Rating agency Moody’s in a statement warned that a US government shutdown could be a negative for the country’s credit rating. Moody’s is the last of the major rating agencies to rate the US with a AAA rating. Fitch and S&P have a AA+ rating. Moody’s assesses that the actual economic impact of a potential shutdown could be relatively limited if the disruption is short. Government debt services payments will not be impacted. However, a shutdown would underscore the weakness of the US institutional and governance strength relative to other AAA-rated sovereigns. It would also be an indication of the significant constraints that intensifying political polarization is putting on US fiscal policy making, the rating agencies says. Still, the shutdown is seen as having an direct impact on government spending and will also impact consumption and spending of federal workers and contractors.

Data from the Hungarian statistical office yesterday showed that in July 2023 full-time employees’ average gross earnings were HUF559 100 and average net earnings with tax benefits reached HUF 385 600. Average gross earnings and average net earnings increased by 15.2% and 15.1%, respectively, while real earnings decreased by 2.0%, compared with a year earlier. The rise in earnings was slightly softer than expected and was a last data input for the policy decision of the Hungarian National Bank today.
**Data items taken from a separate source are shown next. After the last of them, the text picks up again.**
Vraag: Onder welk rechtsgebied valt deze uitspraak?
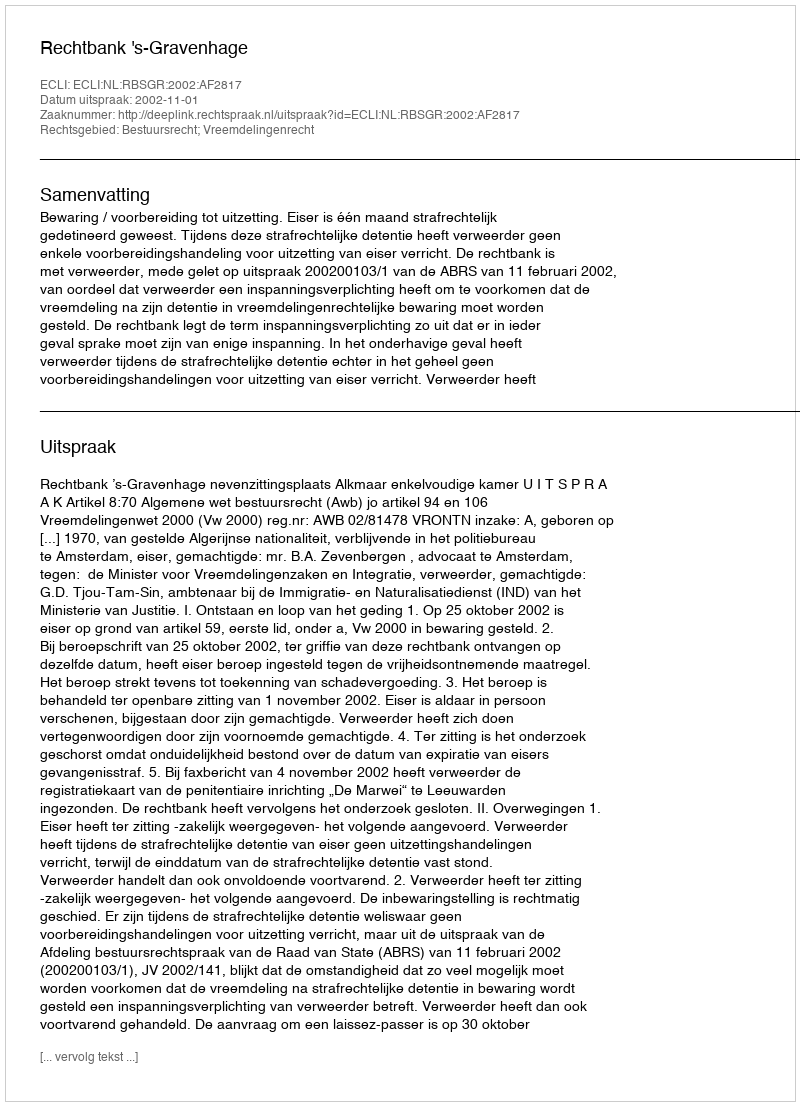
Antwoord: Bestuursrecht; Vreemdelingenrecht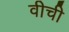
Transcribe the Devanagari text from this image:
वीची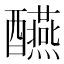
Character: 醼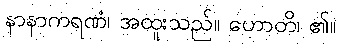
နာနာကရဏံ၊ အထူးသည်။ ဟောတိ၊ ၏။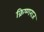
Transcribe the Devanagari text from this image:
क्रिष्णराज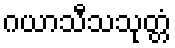
ဂယာသီသသုတ္တံ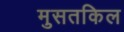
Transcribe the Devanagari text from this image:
मुसतकिल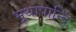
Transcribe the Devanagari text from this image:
भूथापान्दि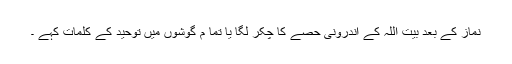
نماز کے بعد بیت اللہ کے اندرونی حصے کا چکر لگا یا تما م گوشوں میں توحید کے کلمات کہے ۔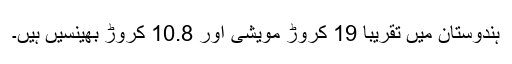
ہندوستان میں تقریباً 19 کروڑ مویشی اور 10.8 کروڑ بھینسیں ہیں۔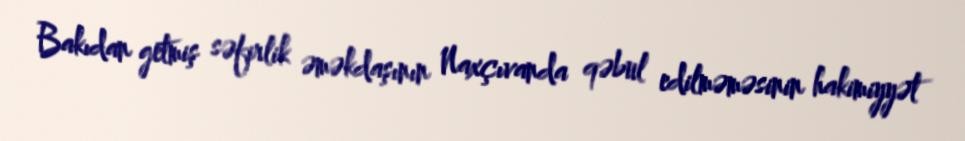
Bakıdan getmiş səfirlik əməkdaşının Naxçıvanda qəbul edilməməsinin hakimiyyət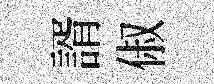
諝俶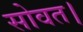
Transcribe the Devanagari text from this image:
सोवत।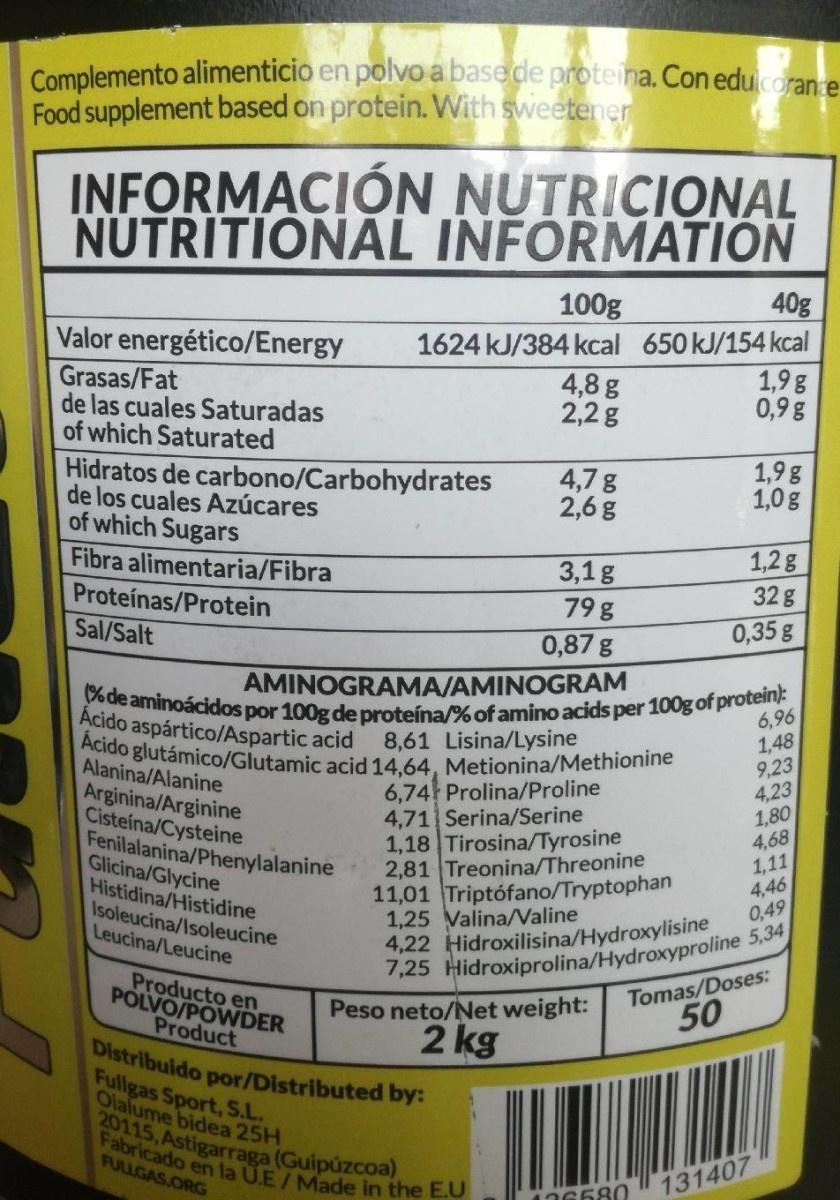
Complemento alimenticio en polvo a basede proteina. Con eduicorante Food supplement based on protein. With sweetener
INFORMACIÓN NUTRICIONAL NUTRITIONAL INFORMATION
100g
40g
1624 kJ/384 kcal 650 kJ/154 kcal 4,8 g 2,2 g
Valor energético/Energy
Grasas/Fat de las cuales Saturadas of which Saturated
1,9g 0,9 g
1,9g 1,0g
Hidratos de carbono/Carbohydrates de los cuales Azúcares of which Sugars Fibra alimentaria/Fibra Proteínas/Protein Sal/Salt
4,7 g 2,6 g
3,1g 79 g
1,2g 32 g 0,35 g
0,87 g
AMINOGRAMA/AMINOGRAM
(% de aminoácidos por 100g de proteína/% ofamino acids per 100g of protein):
6,96 1,48 9,23 4,23 1,80 4,68 1,11 4,46 0,49
Acido aspártico/Aspartic acid
8,61 Lisina/Lysine
Acido glutámico/Glutamic acid 14,64, Metionina/Methionine
Alanina/Alanine Arginina/Arginine Cisteína/Cysteine Fenilalanina/Phenylalanine Glicina/Glycine Histidina/Histidine Isoleucina/Isoleucine Leucina/Leucine
6,74 Prolina/Proline 4,71 Serina/Serine 1,18 Tirosina/Tyrosine 2,81 Treonina/Threonine 11,01 Triptófano/Tryptophan 1,25 Valina/Valine 4,22 Hidroxilisina/Hydroxylisine 7,25 Hidroxiprolina/Hydroxyproline 5,34
Tomas/Doses: 50
Producto en POLVO/POWDER Product Distribuido por/Distributed by: Fullgas Sport, S.L. Olalume bidea 25H
Peso neto/Net weight: 2 kg
20115, Astigarraga (Guipúzcoa)
Fabricado en la U.E/Made in the E.U FULLGAS.ORG
131407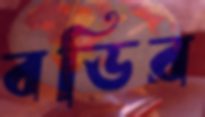
বডির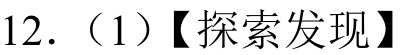
12.（1）【探索发现】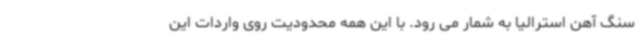
سنگ آهن استرالیا به شمار می رود. با این همه محدودیت روی واردات این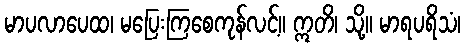
မာပလာပေထ၊ မပြေးကြစေကုန်လင့်။ ဣတိ၊ သို့။ မာရပရိသံ၊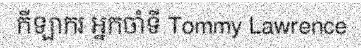
កីឡាករ អ្នកចាំទី Tommy Lawrence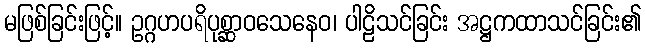
မဖြစ်ခြင်းဖြင့်။ ဥဂ္ဂဟပရိပုစ္ဆာဝသေနေဝ၊ ပါဠိသင်ခြင်း အဋ္ဌကထာသင်ခြင်း၏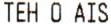
TEH O AIS

End last week, data of the Ministry of Finance also showed that the budget deficit at the end of August already stood at HUF 3.3 trillion, close to the full year target. The higher than expected deficit was for an important part was due to VAT proceeds staying substantially below the government’s estimate despite high inflation as retail sales in the January-July period were about 10% lower compared to the same period last year. The forint yesterday weakened to the EUR/HUF 390 area, but this move was mainly driven by a global risk-off context and higher real yields in core markets.